4,19,0092_0170_0301_0355,ARGTNVTRECCLEYFKGAIPLRKLKTWYQTSEDCSRDAIVFVTVQG...,CL0730,IL8,5WK3_Q_P_A,IGHV5-51,IGHJ4,ARVGPADVWDSFDY,EVQLVQSGAEVKKPGESLKISCKGSGYSFTSYWIGWVRQMPGKGLE...,...,Tubulin-binding,0.437684,-1.0,674.0,False,False,Other,14.008639,6.846615,"[-0.041530925780534744, -0.031332969665527344,..."


# Set up Model

In [3]:
modelf = "ablangpdb_model.safetensors" # Path to model checkpoint
# The AbLangPairedConfig defaults to pull from Hugging Face to dowload AbLang_heavy and AbLang_light
# You could instead specify a local path
model_config = AbLangPairedConfig(checkpoint_filename=modelf)
model = AbLangPaired(model_config, device)



# Embed 1 Antibody

## Tokenize the 1 sequence

In [5]:
# Define an example antibody
data = {
    'HC_AA': ["EVQLVESGGGLVQPGGSLRLSCAASGFNLYYYSIHWVRQAPGKGLEWVASISPYSSSTSYADSVKGRFTISADTSKNTAYLQMNSLRAEDTAVYYCARGRWYRRALDYWGQGTLVTVSS"],
    'LC_AA': ["DIQMTQSPSSLSASVGDRVTITCRASQSVSSAVAWYQQKPGKAPKLLIYSASSLYSGVPSRFSGSRSGTDFTLTISSLQPEDFATYYCQQYPYYSSLITFGQGTKVEIK"]
}
df = pd.DataFrame(data)

# Pre-process sequences by adding spaces between amino acids
df["PREPARED_HC_SEQ"] = df["HC_AA"].apply(lambda x: " ".join(list(x)))
df["PREPARED_LC_SEQ"] = df["LC_AA"].apply(lambda x: " ".join(list(x)))

heavy_tokenizer = AutoTokenizer.from_pretrained(model_config.heavy_model_id, revision=model_config.heavy_revision)
light_tokenizer = AutoTokenizer.from_pretrained(model_config.light_model_id, revision=model_config.light_revision)

h_tokens = heavy_tokenizer(df["PREPARED_HC_SEQ"].tolist(), padding='longest', return_tensors="pt")
l_tokens = light_tokenizer(df["PREPARED_LC_SEQ"].tolist(), padding='longest', return_tensors="pt")



## Embed it

In [7]:
with torch.no_grad():
    embedding = model(
        h_input_ids=h_tokens['input_ids'].to(device),
        h_attention_mask=h_tokens['attention_mask'].to(device),
        l_input_ids=l_tokens['input_ids'].to(device),
        l_attention_mask=l_tokens['attention_mask'].to(device)
    )

correct_embedding = torch.tensor(df_old.loc[0, "EMBEDDING"])

if torch.allclose(correct_embedding.cpu(), embedding[0].cpu(), atol=1e-6):
    print("\n🎉 SUCCESS! Embeddings are identical. The model was loaded correctly.")
else:
    print("\n🚨 FAILURE! Embeddings do not match.")
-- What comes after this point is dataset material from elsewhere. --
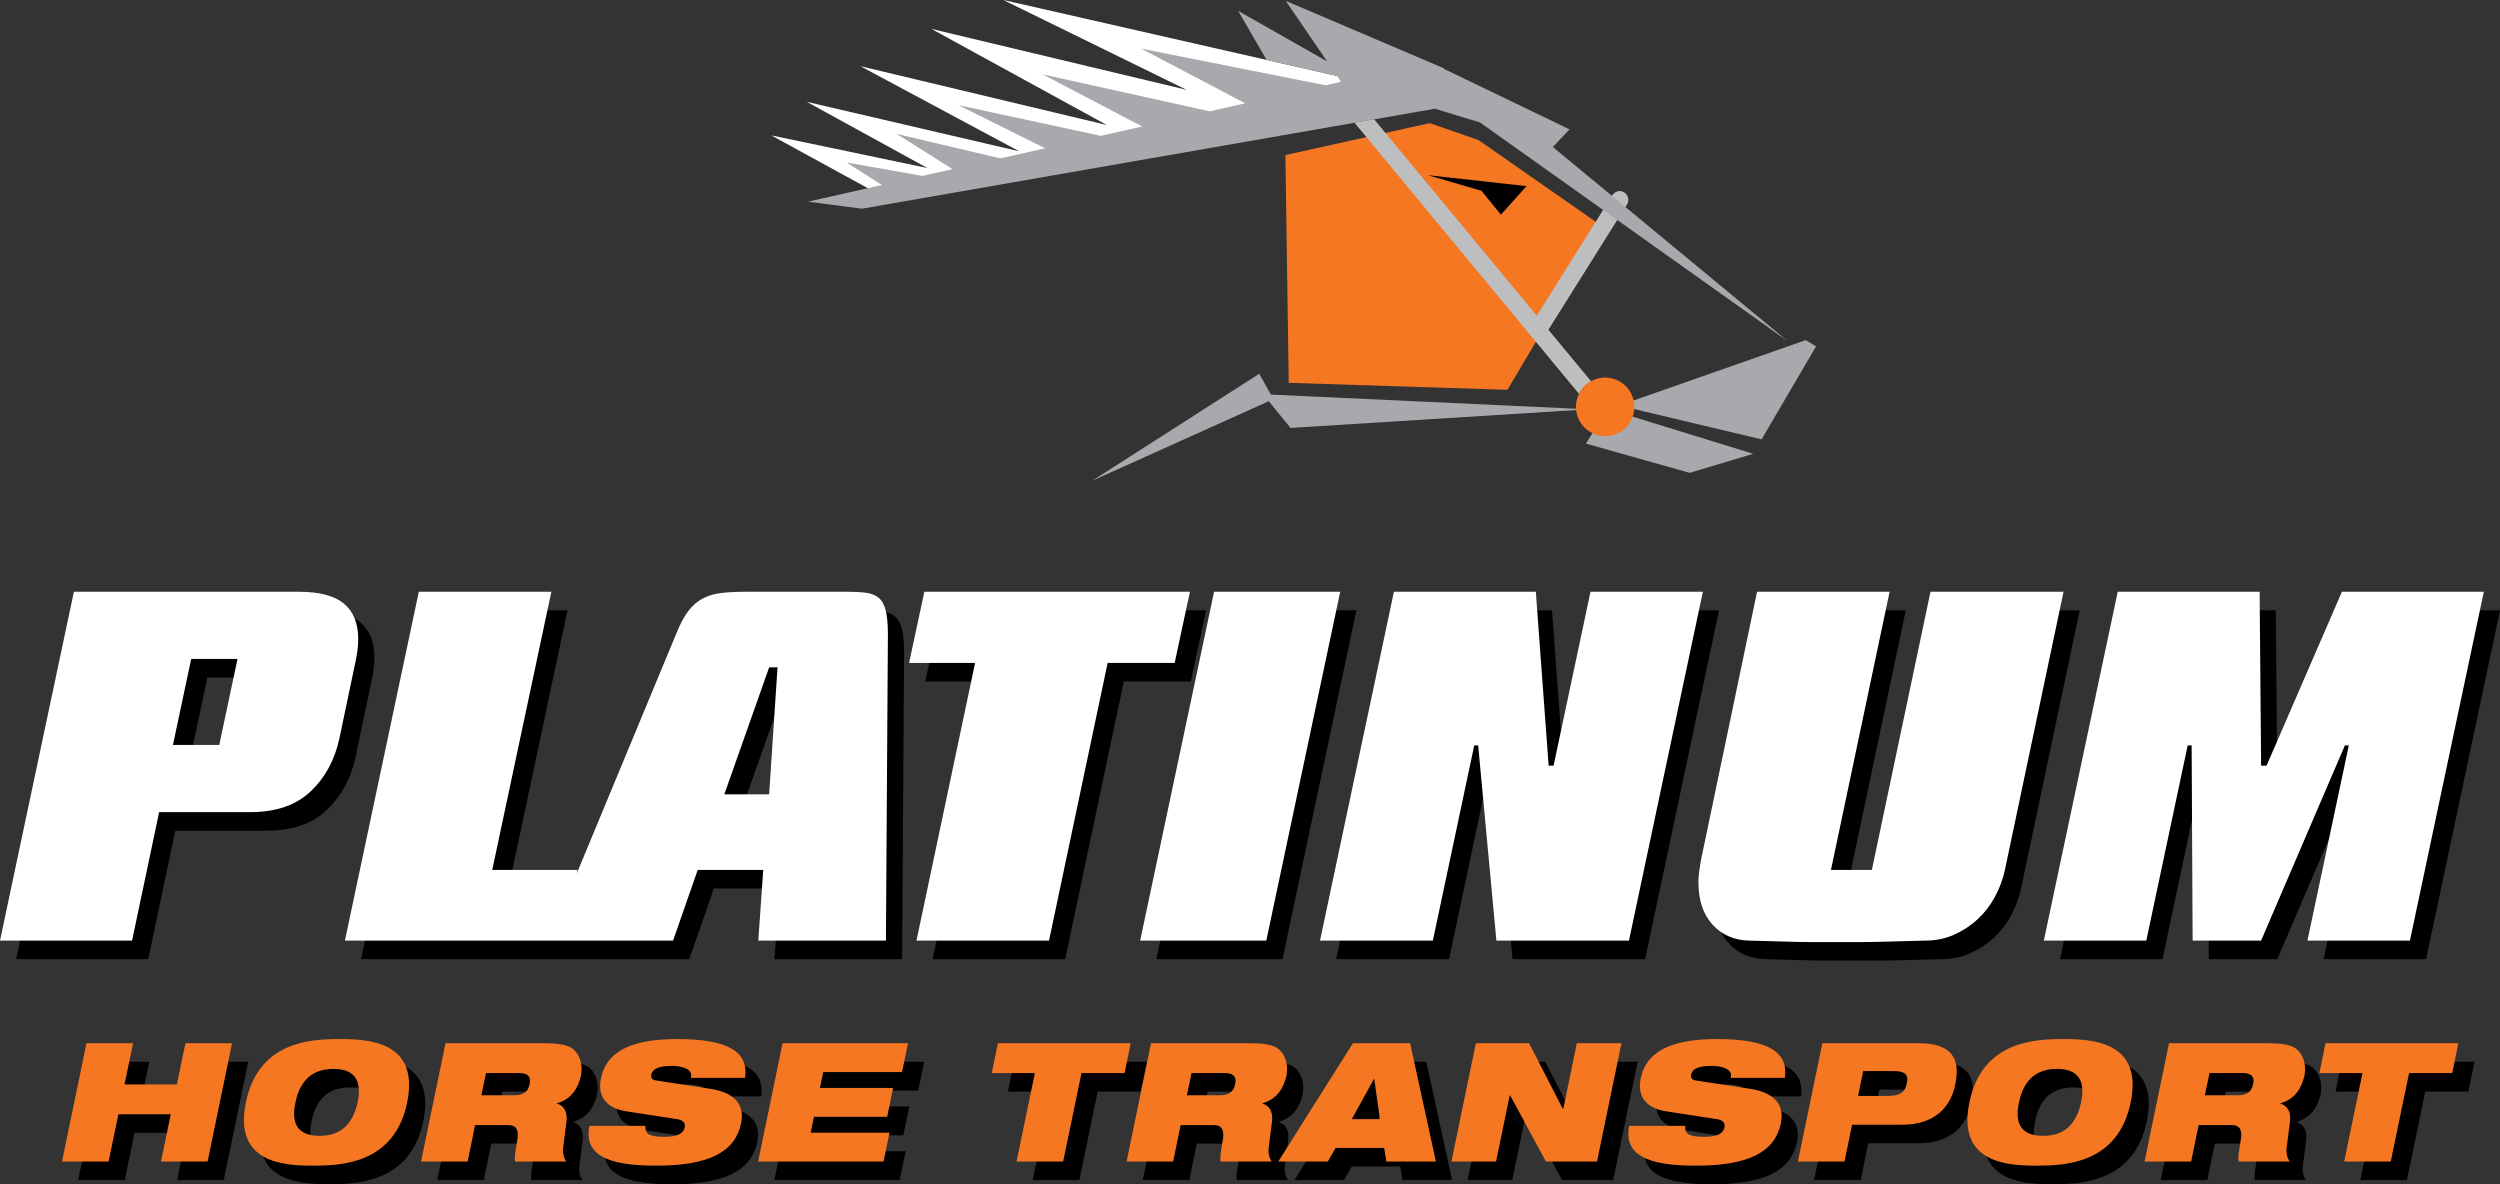 <svg xmlns="http://www.w3.org/2000/svg" width="171" height="81" viewBox="0 0 171 81" fill="none"><rect x="0" y="0" width="171" height="81" fill="#333333" stroke="none"/><g clip-path="url(#clip0_115_130)"><path d="M11.992 56.818H18.227C19.98 56.818 21.356 56.345 22.356 55.399C23.355 54.453 24.012 53.236 24.327 51.748L25.406 46.611C25.541 46.003 25.608 45.462 25.608 44.989C25.608 43.908 25.282 43.097 24.631 42.556C23.979 42.015 22.945 41.745 21.53 41.745H6.161L1.106 65.606H10.139L11.992 56.818ZM14.183 46.341H17.351L16.104 52.222H12.936L14.183 46.341ZM38.651 65.606H47.144L48.829 60.773H53.311L52.974 65.606H61.703L61.838 44.719V44.617C61.838 43.942 61.788 43.407 61.686 43.012C61.585 42.618 61.422 42.331 61.198 42.15C60.973 41.97 60.686 41.858 60.338 41.812C59.99 41.767 59.568 41.745 59.074 41.745H52.132C51.48 41.745 50.918 41.773 50.447 41.83C49.975 41.886 49.553 42.01 49.183 42.201C48.812 42.392 48.48 42.68 48.188 43.063C47.896 43.446 47.615 43.975 47.346 44.651L40.554 61.019L40.605 60.773H34.775L38.819 41.745H29.753L24.698 65.606H38.651ZM53.716 46.916H54.289L53.716 55.602H50.649L53.716 46.916ZM63.793 65.606L67.803 46.611H63.287L64.332 41.745H82.498L81.453 46.611H76.869L72.859 65.606H63.793ZM79.093 65.606L84.149 41.745H92.777L87.722 65.606H79.093ZM91.395 65.606L96.45 41.745H106.157L107.033 53.641H107.37L109.898 41.745H117.582L112.526 65.606H103.46L102.213 52.255H101.944L99.113 65.606H91.395ZM125.198 65.707C124.546 65.707 123.895 65.695 123.244 65.673C122.479 65.65 121.648 65.628 120.749 65.606C119.716 65.583 118.879 65.217 118.239 64.507C117.598 63.797 117.278 62.834 117.278 61.617C117.278 61.37 117.295 61.128 117.329 60.891C117.362 60.654 117.402 60.401 117.447 60.13L121.289 41.745H130.355L126.344 60.773H129.141L133.152 41.745H142.252L138.241 60.773C138.107 61.404 137.882 62.012 137.567 62.598C137.252 63.184 136.86 63.696 136.388 64.135C135.916 64.575 135.377 64.93 134.77 65.2C134.163 65.471 133.511 65.606 132.815 65.606C131.894 65.628 131.029 65.65 130.22 65.673C129.523 65.695 128.838 65.707 128.164 65.707H125.198ZM158.934 65.606L161.766 52.255H161.496L155.767 65.606H151.082L151.014 52.255H150.745L147.914 65.606H140.904L145.959 41.745H155.665L155.767 53.641H156.137L161.294 41.745H171L165.945 65.606H158.934ZM13.791 72.624H16.978L15.306 80.717H12.118L12.785 77.487H9.202L8.535 80.717H5.348L7.021 72.624H10.208L9.62 75.446H13.203L13.791 72.624ZM24.335 72.341C22.402 72.341 18.785 72.477 17.926 76.671C17.056 80.864 20.605 81 22.538 81C24.471 81 28.099 80.864 28.958 76.671C29.817 72.477 26.268 72.341 24.335 72.341ZM25.567 76.671C25.205 78.314 24.279 78.96 22.968 78.96C21.656 78.96 20.956 78.314 21.317 76.671C21.656 75.027 22.606 74.381 23.917 74.381C25.217 74.381 25.906 75.027 25.567 76.671ZM40.147 72.919C39.74 72.703 39.208 72.624 38.293 72.624H31.579L29.906 80.717H33.094L33.602 78.223H35.863C36.451 78.223 36.586 78.586 36.496 79.186C36.349 80.105 36.27 80.49 36.349 80.717H39.83C39.66 80.456 39.581 80.127 39.627 79.765L39.853 77.996C39.943 77.282 39.649 76.886 39.197 76.75L39.208 76.727C40.214 76.455 40.655 75.65 40.836 74.88C41.017 73.984 40.678 73.225 40.147 72.919ZM37.332 75.424C37.23 75.933 36.925 76.183 36.292 76.183H34.032L34.348 74.664H36.564C37.095 74.664 37.457 74.8 37.332 75.424ZM52.07 74.993H48.362C48.441 74.664 48.295 74.471 48.012 74.347C47.752 74.222 47.402 74.177 47.051 74.177C46.102 74.177 45.74 74.403 45.661 74.755C45.616 74.982 45.684 75.129 45.989 75.174L49.685 75.741C51.233 75.979 52.07 76.727 51.798 78.099C51.38 80.082 49.583 81 46 81C43.57 81 40.925 80.66 41.423 78.28H45.266C45.22 78.54 45.299 78.733 45.492 78.858C45.695 78.971 46.045 79.028 46.532 79.028C47.526 79.028 47.854 78.767 47.944 78.371C47.989 78.133 47.888 77.906 47.481 77.826L43.943 77.282C42.44 77.045 41.977 76.138 42.214 75.004C42.666 72.907 44.813 72.341 47.436 72.341C51.041 72.341 52.307 73.281 52.07 74.993ZM54.635 72.624H63.213L62.806 74.596H57.415L57.189 75.684H62.196L61.789 77.656H56.782L56.556 78.745H61.947L61.54 80.717H52.962L54.635 72.624ZM78.448 72.624L78.03 74.664H75.08L73.825 80.717H70.638L71.892 74.664H68.942L69.36 72.624H78.448ZM89.094 74.88C89.275 73.984 88.936 73.225 88.404 72.919C87.998 72.703 87.466 72.624 86.551 72.624H79.837L78.165 80.717H81.352L81.86 78.223H84.121C84.709 78.223 84.844 78.586 84.754 79.186C84.607 80.105 84.528 80.49 84.607 80.717H88.088C87.918 80.456 87.839 80.127 87.885 79.765L88.111 77.996C88.201 77.282 87.907 76.886 87.455 76.75L87.466 76.727C88.472 76.455 88.913 75.65 89.094 74.88ZM85.59 75.424C85.488 75.933 85.183 76.183 84.55 76.183H82.29L82.606 74.664H84.822C85.353 74.664 85.714 74.8 85.59 75.424ZM93.648 72.624L88.539 80.717H91.93L92.461 79.787H95.784L95.931 80.717H99.322L97.559 72.624H93.648ZM93.569 77.815L95.083 75.072H95.106L95.49 77.815H93.569ZM108.962 72.624H112.014L110.341 80.717H106.849L104.396 76.183H104.373L103.435 80.717H100.384L102.056 72.624H105.695L108.001 77.112H108.035L108.962 72.624ZM123.191 74.993H119.484C119.563 74.664 119.416 74.471 119.133 74.347C118.874 74.222 118.523 74.177 118.173 74.177C117.223 74.177 116.862 74.403 116.783 74.755C116.737 74.982 116.805 75.129 117.111 75.174L120.806 75.741C122.355 75.979 123.191 76.727 122.92 78.099C122.502 80.082 120.705 81 117.122 81C114.692 81 112.047 80.66 112.544 78.28H116.387C116.342 78.54 116.421 78.733 116.613 78.858C116.817 78.971 117.167 79.028 117.653 79.028C118.648 79.028 118.975 78.767 119.066 78.371C119.111 78.133 119.009 77.906 118.602 77.826L115.065 77.282C113.562 77.045 113.098 76.138 113.335 75.004C113.787 72.907 115.935 72.341 118.557 72.341C122.163 72.341 123.429 73.281 123.191 74.993ZM132.334 72.624H125.756L124.083 80.717H127.27L127.79 78.201H131.204C133.441 78.201 134.538 76.999 134.843 75.446C135.227 73.644 134.583 72.624 132.334 72.624ZM131.531 75.389C131.407 75.979 131.068 76.229 130.254 76.229H128.197L128.547 74.528H130.604C131.418 74.528 131.667 74.766 131.531 75.389ZM142.223 72.341C140.29 72.341 136.673 72.477 135.814 76.671C134.944 80.864 138.493 81 140.426 81C142.358 81 145.986 80.864 146.845 76.671C147.704 72.477 144.155 72.341 142.223 72.341ZM143.455 76.671C143.093 78.314 142.166 78.96 140.855 78.96C139.544 78.96 138.843 78.314 139.205 76.671C139.544 75.027 140.493 74.381 141.805 74.381C143.104 74.381 143.794 75.027 143.455 76.671ZM158.034 72.919C157.627 72.703 157.096 72.624 156.181 72.624H149.467L147.794 80.717H150.981L151.49 78.223H153.75C154.338 78.223 154.474 78.586 154.383 79.186C154.237 80.105 154.157 80.49 154.237 80.717H157.718C157.548 80.456 157.469 80.127 157.514 79.765L157.74 77.996C157.831 77.282 157.537 76.886 157.085 76.75L157.096 76.727C158.102 76.455 158.543 75.65 158.724 74.88C158.904 73.984 158.565 73.225 158.034 72.919ZM155.22 75.424C155.118 75.933 154.813 76.183 154.18 76.183H151.919L152.236 74.664H154.451C154.983 74.664 155.344 74.8 155.22 75.424ZM160.169 72.624H169.257L168.838 74.664H165.888L164.634 80.717H161.446L162.701 74.664H159.751L160.169 72.624Z" fill="black"></path><path d="M24.502 43.721C24.502 42.639 24.176 41.828 23.525 41.287C22.873 40.747 21.839 40.476 20.424 40.476H5.055L0 64.337H9.033L10.886 55.55H17.121C18.874 55.55 20.25 55.077 21.25 54.13C22.249 53.184 22.906 51.967 23.221 50.48L24.3 45.343C24.435 44.735 24.502 44.194 24.502 43.721ZM14.998 50.953H11.83L13.077 45.073H16.245L14.998 50.953ZM60.092 40.882C59.867 40.702 59.58 40.589 59.232 40.544C58.884 40.499 58.462 40.476 57.968 40.476H51.026C50.374 40.476 49.812 40.505 49.34 40.561C48.869 40.617 48.447 40.741 48.077 40.932C47.706 41.124 47.374 41.411 47.082 41.794C46.79 42.178 46.509 42.707 46.24 43.383L39.447 59.752L39.499 59.504H33.669L37.713 40.476H28.647L23.592 64.337H46.038L47.723 59.504H52.205L51.868 64.337H60.597L60.732 43.45V43.349C60.732 42.673 60.681 42.138 60.58 41.743C60.479 41.35 60.316 41.062 60.092 40.882ZM52.61 54.333H49.543L52.61 45.647H53.183L52.61 54.333ZM80.347 45.343H75.763L71.753 64.337H62.687L66.697 45.343H62.181L63.226 40.476H81.392L80.347 45.343ZM91.671 40.476L86.615 64.337H77.987L83.043 40.476H91.671ZM116.476 40.476L111.421 64.337H102.354L101.107 50.987H100.838L98.007 64.337H90.289L95.344 40.476H105.051L105.927 52.373H106.264L108.791 40.476H116.476ZM141.146 40.476L137.135 59.504C137 60.135 136.776 60.743 136.461 61.329C136.146 61.915 135.753 62.428 135.282 62.867C134.81 63.306 134.27 63.661 133.664 63.931C133.057 64.202 132.405 64.337 131.709 64.337C130.787 64.359 129.923 64.382 129.114 64.405C128.417 64.427 127.732 64.439 127.058 64.439H124.092C123.44 64.439 122.789 64.427 122.137 64.405C121.373 64.382 120.542 64.359 119.643 64.337C118.61 64.315 117.773 63.948 117.132 63.239C116.492 62.529 116.172 61.566 116.172 60.349C116.172 60.101 116.189 59.859 116.222 59.622C116.256 59.386 116.295 59.132 116.34 58.862L120.183 40.476H129.249L125.238 59.504H128.035L132.046 40.476H141.146ZM169.894 40.476L164.839 64.337H157.828L160.659 50.987H160.39L154.66 64.337H149.976L149.908 50.987H149.638L146.807 64.337H139.798L144.853 40.476H154.559L154.66 52.373H155.031L160.188 40.476H169.894Z" fill="white"></path><path d="M12.685 71.356H15.872L14.199 79.448H11.012L11.679 76.218H8.096L7.429 79.448H4.242L5.915 71.356H9.102L8.514 74.178H12.097L12.685 71.356ZM27.852 75.402C26.993 79.596 23.365 79.731 21.432 79.731C19.499 79.731 15.95 79.596 16.82 75.402C17.68 71.208 21.296 71.072 23.229 71.072C25.162 71.072 28.711 71.208 27.852 75.402ZM22.811 73.113C21.5 73.113 20.55 73.759 20.211 75.402C19.849 77.045 20.55 77.692 21.861 77.692C23.173 77.692 24.099 77.045 24.461 75.402C24.8 73.759 24.111 73.113 22.811 73.113ZM39.73 73.611C39.549 74.382 39.108 75.187 38.102 75.459L38.091 75.481C38.543 75.617 38.837 76.014 38.746 76.728L38.521 78.496C38.475 78.859 38.554 79.187 38.724 79.448H35.243C35.164 79.221 35.243 78.836 35.39 77.918C35.48 77.317 35.345 76.955 34.757 76.955H32.496L31.988 79.448H28.8L30.473 71.356H37.187C38.102 71.356 38.634 71.435 39.041 71.65C39.572 71.956 39.911 72.716 39.73 73.611ZM35.458 73.396H33.242L32.926 74.915H35.186C35.819 74.915 36.124 74.665 36.226 74.155C36.35 73.531 35.989 73.396 35.458 73.396ZM46.33 71.072C43.708 71.072 41.56 71.639 41.108 73.736C40.87 74.869 41.334 75.776 42.837 76.014L46.375 76.558C46.782 76.637 46.883 76.864 46.838 77.102C46.748 77.499 46.42 77.759 45.425 77.759C44.939 77.759 44.589 77.703 44.386 77.589C44.193 77.465 44.114 77.272 44.16 77.011H40.317C39.819 79.392 42.464 79.731 44.894 79.731C48.477 79.731 50.274 78.814 50.693 76.83C50.964 75.459 50.127 74.71 48.579 74.473L44.883 73.906C44.578 73.86 44.51 73.713 44.555 73.486C44.634 73.135 44.996 72.909 45.945 72.909C46.296 72.909 46.646 72.954 46.906 73.079C47.189 73.203 47.336 73.396 47.256 73.725H50.964C51.201 72.013 49.935 71.072 46.33 71.072ZM51.856 79.448H60.434L60.841 77.476H55.45L55.676 76.388H60.683L61.09 74.416H56.083L56.309 73.328H61.7L62.107 71.356H53.528L51.856 79.448ZM68.254 71.356L67.836 73.396H70.786L69.531 79.448H72.719L73.973 73.396H76.923L77.341 71.356H68.254ZM86.36 75.459L86.349 75.481C86.801 75.617 87.095 76.014 87.004 76.728L86.778 78.496C86.733 78.859 86.812 79.187 86.982 79.448H83.5C83.421 79.221 83.5 78.836 83.648 77.918C83.738 77.317 83.602 76.955 83.015 76.955H80.754L80.245 79.448H77.058L78.731 71.356H85.445C86.36 71.356 86.891 71.435 87.298 71.65C87.83 71.956 88.168 72.716 87.988 73.611C87.807 74.382 87.366 75.187 86.36 75.459ZM83.715 73.396H81.5L81.184 74.915H83.444C84.077 74.915 84.382 74.665 84.484 74.155C84.608 73.531 84.247 73.396 83.715 73.396ZM96.453 71.356L98.216 79.448H94.825L94.678 78.519H91.355L90.824 79.448H87.433L92.542 71.356H96.453ZM94.384 76.547L94 73.804H93.977L92.463 76.547H94.384ZM106.929 75.844H106.895L104.589 71.356H100.95L99.277 79.448H102.329L103.267 74.915H103.289L105.742 79.448H109.235L110.908 71.356H107.856L106.929 75.844ZM117.451 71.072C114.828 71.072 112.681 71.639 112.229 73.736C111.992 74.869 112.455 75.776 113.958 76.014L117.496 76.558C117.903 76.637 118.005 76.864 117.959 77.102C117.869 77.499 117.541 77.759 116.546 77.759C116.061 77.759 115.71 77.703 115.507 77.589C115.315 77.465 115.235 77.272 115.281 77.011H111.438C110.941 79.392 113.585 79.731 116.015 79.731C119.598 79.731 121.395 78.814 121.813 76.83C122.085 75.459 121.248 74.71 119.7 74.473L116.004 73.906C115.699 73.86 115.631 73.713 115.676 73.486C115.755 73.135 116.117 72.909 117.066 72.909C117.417 72.909 117.767 72.954 118.027 73.079C118.31 73.203 118.457 73.396 118.377 73.725H122.085C122.322 72.013 121.056 71.072 117.451 71.072ZM133.737 74.178C133.431 75.731 132.335 76.932 130.097 76.932H126.684L126.164 79.448H122.977L124.649 71.356H131.228C133.477 71.356 134.121 72.376 133.737 74.178ZM129.498 73.26H127.441L127.091 74.96H129.148C129.961 74.96 130.301 74.71 130.425 74.121C130.561 73.498 130.312 73.26 129.498 73.26ZM145.739 75.402C144.88 79.596 141.252 79.731 139.319 79.731C137.387 79.731 133.838 79.596 134.708 75.402C135.567 71.208 139.184 71.072 141.116 71.072C143.049 71.072 146.598 71.208 145.739 75.402ZM140.698 73.113C139.387 73.113 138.438 73.759 138.099 75.402C137.737 77.045 138.438 77.692 139.749 77.692C141.06 77.692 141.987 77.045 142.348 75.402C142.688 73.759 141.998 73.113 140.698 73.113ZM157.617 73.611C157.437 74.382 156.996 75.187 155.99 75.459L155.979 75.481C156.431 75.617 156.724 76.014 156.634 76.728L156.408 78.496C156.363 78.859 156.442 79.187 156.612 79.448H153.13C153.051 79.221 153.13 78.836 153.277 77.918C153.368 77.317 153.232 76.955 152.644 76.955H150.384L149.875 79.448H146.688L148.361 71.356H155.074C155.99 71.356 156.521 71.435 156.928 71.65C157.459 71.956 157.798 72.716 157.617 73.611ZM153.345 73.396H151.13L150.813 74.915H153.074C153.707 74.915 154.012 74.665 154.114 74.155C154.238 73.531 153.876 73.396 153.345 73.396ZM159.063 71.356L158.645 73.396H161.595L160.34 79.448H163.527L164.782 73.396H167.732L168.15 71.356H159.063Z" fill="#F57722"></path><path fill-rule="evenodd" clip-rule="evenodd" d="M86.025 7.305L77.763 9.043L78.014 9.103L70.274 10.647L70.246 10.632L64.404 12.025L64.246 11.938L59.939 13.19L52.753 9.259L63.436 11.494L55.185 6.966L69.721 10.351L58.851 4.527L75.708 8.552L63.714 1.979L81.165 6.145L68.628 0L92.91 5.529L85.292 7.13L86.025 7.305Z" fill="white"></path><path fill-rule="evenodd" clip-rule="evenodd" d="M109.701 15.556L103.108 26.662L88.148 26.186L87.923 10.605L97.796 8.421L101.135 9.586L109.701 15.556Z" fill="#F57722"></path><path fill-rule="evenodd" clip-rule="evenodd" d="M104.414 12.731L102.662 14.684L101.33 13.05L97.671 11.982L104.414 12.731Z" fill="black"></path><path d="M111.28 13.976L105.898 22.556L108.816 26.081C108.462 26.28 108.185 26.579 108.009 26.93L92.663 8.394L93.982 8.164L105.117 21.613L110.297 13.355C110.468 13.083 110.826 13.001 111.098 13.172C111.369 13.344 111.451 13.703 111.28 13.976Z" fill="#BCBEC0"></path><path d="M111.28 13.976L105.898 22.556L108.816 26.081C108.462 26.28 108.185 26.579 108.009 26.93L92.663 8.394L93.982 8.164L105.117 21.613L110.297 13.355C110.468 13.083 110.826 13.001 111.098 13.172C111.369 13.344 111.451 13.703 111.28 13.976Z" fill="#BCBEC0"></path><path d="M108.615 27.996L88.272 29.271L86.781 27.444L74.712 32.881L86.131 25.567L86.928 26.99L108.615 27.996ZM101.233 8.377L122.27 23.328L106.216 10.057L107.355 8.848L98.728 4.692L98.78 4.677L87.945 0.061L90.769 4.195L84.69 0.745L86.636 4.1L91.454 5.197L91.725 5.593L90.662 5.833L78.051 3.326L85.171 7.067L82.741 7.614L71.32 5.086L78.124 8.652L75.287 9.29L65.552 7.192L71.487 10.144L68.422 10.833L61.33 9.159L65.157 11.568L63.09 12.032L57.907 11.115L60.321 12.655L55.257 13.794L58.957 14.275L98.149 7.437L101.233 8.377ZM123.51 23.266L110.755 27.737L120.492 30.053L124.22 23.691L123.51 23.266ZM108.475 30.34L115.571 32.343L119.918 31.04L109.971 27.973L108.475 30.34Z" fill="#A7A9AC"></path><path fill-rule="evenodd" clip-rule="evenodd" d="M111.701 27.24C112.027 28.297 111.434 29.417 110.379 29.743C109.325 30.068 108.208 29.475 107.883 28.417C107.559 27.359 108.15 26.238 109.206 25.913C110.261 25.588 111.378 26.182 111.701 27.24Z" fill="#F57722"></path></g><defs><clipPath id="clip0_115_130"><rect width="171" height="81" fill="white"></rect></clipPath></defs></svg>

🎉 SUCCESS! Embeddings are identical. The model was loaded correctly.


# Embed many antibodies

In [5]:
all_old_embeddings = torch.tensor(df_old["EMBEDDING"].to_list())

In [13]:
df = pd.read_pickle("paper_pdb_dataset.pd")
batch_size = 256

# Prepare data for embedding
tokenized_dataset = tokenize_data(df, model_config)

# Create dataloader
dataloader = DataLoader(tokenized_dataset, batch_size=batch_size, shuffle=False)

all_embeds = embed_dataloader(dataloader, model, device)

print("\n🔎 Comparing embeddings...")
# Do same filter as in `tokenize_dataset`
df_old2 = df_old[(df_old["HC_AA"].apply(lambda aa: (len(aa) < 157) & ("*" not in aa))) & 
            (df_old["LC_AA"].apply(lambda aa: (len(aa) < 157) & ("*" not in aa)))]
all_old_embeddings = torch.tensor(df_old2["EMBEDDING"].to_list())


if torch.allclose(all_old_embeddings.cpu(), all_embeds.cpu(), atol=1e-6):
    print("\n🎉 SUCCESS! Embeddings are identical. The model was loaded correctly.")
else:
    print("\n🚨 FAILURE! Embeddings do not match.")



About to encode heavies
That took 0.31325197219848633 seconds
About to encode lights
That took 0.31325197219848633 seconds
About to encode lights
That took 0.21178865432739258 seconds
That took 0.21178865432739258 seconds
Now Embedding Antibodies
Now Embedding Antibodies


100%|██████████| 8/8 [00:26<00:00,  3.26s/it]




🔎 Comparing embeddings...

🎉 SUCCESS! Embeddings are identical. The model was loaded correctly.